DOI10.1145/3087801.3087832zbMATH Open1380.68054arXiv1703.01286OpenAlexW2594733076WikidataQ130889713 ScholiaQ130889713MaRDI QIDQ5368941FDOQ5368941


Authors:


Publication date: 11 October 2017

Published in: Proceedings of the ACM Symposium on Principles of Distributed Computing (Search for Journal in Brave)

Abstract: Motivated by emerging applications to the edge computing paradigm, we introduce a two-layer erasure-coded fault-tolerant distributed storage system offering atomic access for read and write operations. In edge computing, clients interact with an edge-layer of servers that is geographically near; the edge-layer in turn interacts with a back-end layer of servers. The edge-layer provides low latency access and temporary storage for client operations, and uses the back-end layer for persistent storage. Our algorithm, termed Layered Data Storage (LDS) algorithm, offers several features suitable for edge-computing systems, works under asynchronous message-passing environments, supports multiple readers and writers, and can tolerate f1<n1/2 and f2<n2/3 crash failures in the two layers having n1 and n2 servers, respectively. We use a class of erasure codes known as regenerating codes for storage of data in the back-end layer.
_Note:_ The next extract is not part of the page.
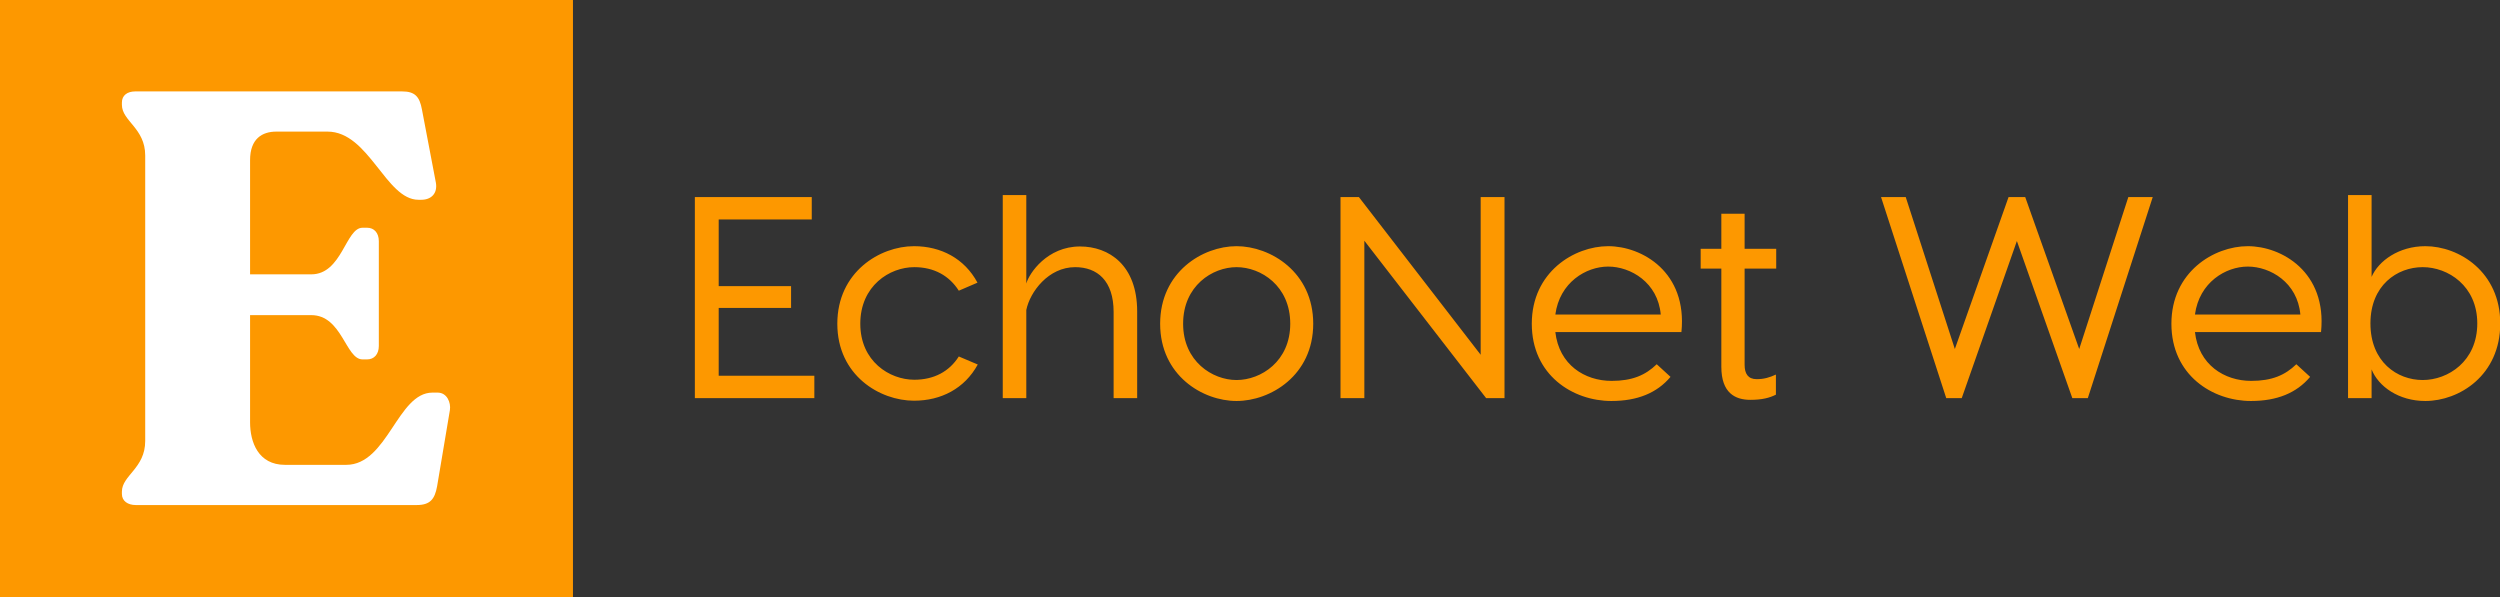 <?xml version="1.0" encoding="UTF-8"?>
<svg xmlns="http://www.w3.org/2000/svg" width="429" height="102.503" viewBox="0 0 410.154 98" class="looka-1j8o68f"><rect x="0" y="0" width="410.154" height="98" fill="#333333" stroke="none"/><defs id="SvgjsDefs3691"></defs><g id="SvgjsG3692" featurekey="symbolContainer" transform="matrix(1,0,0,1,0,0)" fill="#fd9800">    <rect width="94" height="98"></rect></g><g id="SvgjsG3693" featurekey="monogramFeature-0" transform="matrix(1.593,0,0,1.593,16.081,-12.72)" fill="#ffffff"><path d="M3.9 60 c-0.84 0 -1.44 -0.42 -1.44 -1.14 l0 -0.24 c0 -1.68 2.4 -2.4 2.4 -5.22 l0 -29.4 c0 -2.82 -2.4 -3.54 -2.4 -5.22 l0 -0.24 c0 -0.72 0.54 -1.14 1.38 -1.14 l27.48 0 c1.32 0 1.8 0.54 2.04 1.86 l1.44 7.56 c0.18 1.08 -0.48 1.74 -1.5 1.74 l-0.3 0 c-3.36 0 -5.1 -7.02 -9.36 -7.02 l-5.28 0 c-1.44 0 -2.7 0.72 -2.7 2.94 l0 11.76 l6.3 0 c3.18 0 3.54 -4.8 5.28 -4.8 l0.48 0 c0.72 0 1.2 0.54 1.2 1.38 l0 10.8 c0 0.84 -0.48 1.38 -1.2 1.38 l-0.48 0 c-1.74 0 -2.1 -4.56 -5.28 -4.56 l-6.3 0 l0 11.04 c0 2.04 0.84 4.38 3.6 4.38 l6.3 0 c4.26 0 5.28 -7.44 8.88 -7.44 l0.54 0 c0.96 0 1.38 1.02 1.26 1.8 l-1.32 7.86 c-0.24 1.32 -0.72 1.92 -2.1 1.92 l-28.92 0 z"></path></g><g id="SvgjsG3694" featurekey="nameFeature-0" transform="matrix(1.178,0,0,1.178,111.173,18.196)" fill="#fd9800"><path d="M5.72 36.88 l13.32 0 l0 3.12 l-14.12 0 l-2.52 0 l0 -28 l3.32 0 l12.96 0 l0 3.12 l-12.96 0 l0 9.28 l10.08 0 l0 3.04 l-10.08 0 l0 9.44 z M32.92 18.84 c3.76 0 7.04 1.72 8.84 5.08 l-2.6 1.12 c-1.32 -2.08 -3.44 -3.28 -6.2 -3.28 c-3.44 0 -7.52 2.6 -7.52 7.88 c0 5.24 4.08 7.8 7.52 7.8 c2.76 0 4.88 -1.16 6.2 -3.24 l2.64 1.12 c-1.84 3.36 -5.12 5.04 -8.88 5.04 c-4.76 0 -10.68 -3.52 -10.68 -10.72 s5.92 -10.8 10.68 -10.8 z M56.04 18.88 c4.04 0 7.96 2.6 7.96 9.04 l0 12.08 l-3.28 0 l0 -12 c0 -4.36 -2.28 -6.24 -5.36 -6.24 c-3.72 0 -6.28 3.44 -6.8 5.96 l0 12.28 l-3.28 0 l0 -28.28 l3.28 0 l0 12.32 c0.4 -1.44 2.92 -5.16 7.48 -5.16 z M77.84 18.84 c4.72 0 10.68 3.6 10.68 10.8 s-5.96 10.76 -10.68 10.76 s-10.64 -3.56 -10.64 -10.76 s5.92 -10.8 10.64 -10.8 z M77.84 21.76 c-3.36 0 -7.44 2.6 -7.44 7.88 c0 5.24 4.08 7.84 7.44 7.84 c3.4 0 7.48 -2.6 7.48 -7.84 c0 -5.28 -4.08 -7.88 -7.48 -7.88 z M111.84 12 l3.32 0 l0 28 l-2.56 0 l-16.96 -21.92 l0 21.92 l-3.32 0 l0 -28 l2.56 0 l16.96 21.96 l0 -21.96 z M129.6 18.84 c4.72 0 11.04 3.6 10.2 11.96 l-17.56 0 c0.52 4.56 4.08 6.8 7.84 6.8 c2.88 0 4.72 -0.8 6.28 -2.32 l1.92 1.76 c-1.88 2.24 -4.6 3.36 -8.24 3.36 c-5.36 0 -11.08 -3.6 -11.08 -10.76 c0 -7.2 5.92 -10.8 10.64 -10.8 z M129.6 21.68 c-3.08 0 -6.76 2.2 -7.36 6.68 l14.68 0 c-0.4 -4.48 -4.2 -6.68 -7.32 -6.68 z M153 21.96 l-4.4 0 l0 13.4 c0 1.24 0.48 2 1.68 2 c1.04 0 1.8 -0.24 2.68 -0.64 l0 2.8 c-0.88 0.44 -1.92 0.72 -3.56 0.72 c-2.12 0 -4.04 -0.96 -4.04 -4.6 l0 -13.68 l-2.88 0 l0 -2.76 l2.88 0 l0 -4.88 l3.24 0 l0 4.88 l4.4 0 l0 2.76 z M205.44 12 l-9.04 28 l-2.16 0 l-7.72 -21.88 l-7.68 21.88 l-2.16 0 l-9.08 -28 l3.44 0 l6.84 21.16 l7.48 -21.16 l2.32 0 l7.52 21.16 l6.84 -21.16 l3.4 0 z M218.68 18.84 c4.72 0 11.04 3.6 10.2 11.96 l-17.56 0 c0.52 4.56 4.08 6.8 7.84 6.8 c2.88 0 4.72 -0.8 6.28 -2.32 l1.92 1.76 c-1.88 2.24 -4.6 3.36 -8.24 3.36 c-5.36 0 -11.08 -3.6 -11.08 -10.76 c0 -7.2 5.92 -10.8 10.64 -10.8 z M218.68 21.68 c-3.08 0 -6.76 2.2 -7.36 6.68 l14.68 0 c-0.4 -4.48 -4.2 -6.68 -7.32 -6.68 z M243.4 18.84 c4.72 0 10.44 3.6 10.44 10.76 c0 7.24 -5.72 10.8 -10.44 10.8 c-3.68 0 -6.52 -2 -7.48 -4.4 l0 4 l-3.28 0 l0 -20.8 l0 -7.48 l3.28 0 l0 11.4 c0.96 -2.24 3.8 -4.28 7.48 -4.28 z M243.04 37.48 c3.52 0 7.6 -2.6 7.6 -7.88 c0 -5.24 -4.08 -7.84 -7.6 -7.84 c-3.56 0 -7.28 2.52 -7.28 7.84 c0 5.36 3.72 7.88 7.28 7.88 z"></path></g></svg>

The choice of regenerating codes, instead of popular choices like Reed-Solomon codes, not only optimizes the cost of back-end storage, but also helps in optimizing communication cost of read operations, when the value needs to be recreated all the way from the back-end. The two-layer architecture permits a modular implementation of atomicity and erasure-code protocols; the implementation of erasure-codes is mostly limited to interaction between the two layers. We prove liveness and atomicity of LDS, and also compute performance costs associated with read and write operations. Further, in a multi-object system running N independent instances of LDS, where only a small fraction of the objects undergo concurrent accesses at any point during the execution, the overall storage cost is dominated by that of persistent storage in the back-end layer, and is given by Theta(N).


Full work available at URL: https://arxiv.org/abs/1703.01286




Recommendations





Cited In (5)





This page was built for publication: A Layered Architecture for Erasure-Coded Consistent Distributed Storage

Report a bug (only for logged in users!)Click here to report a bug for this page (MaRDI item Q5368941)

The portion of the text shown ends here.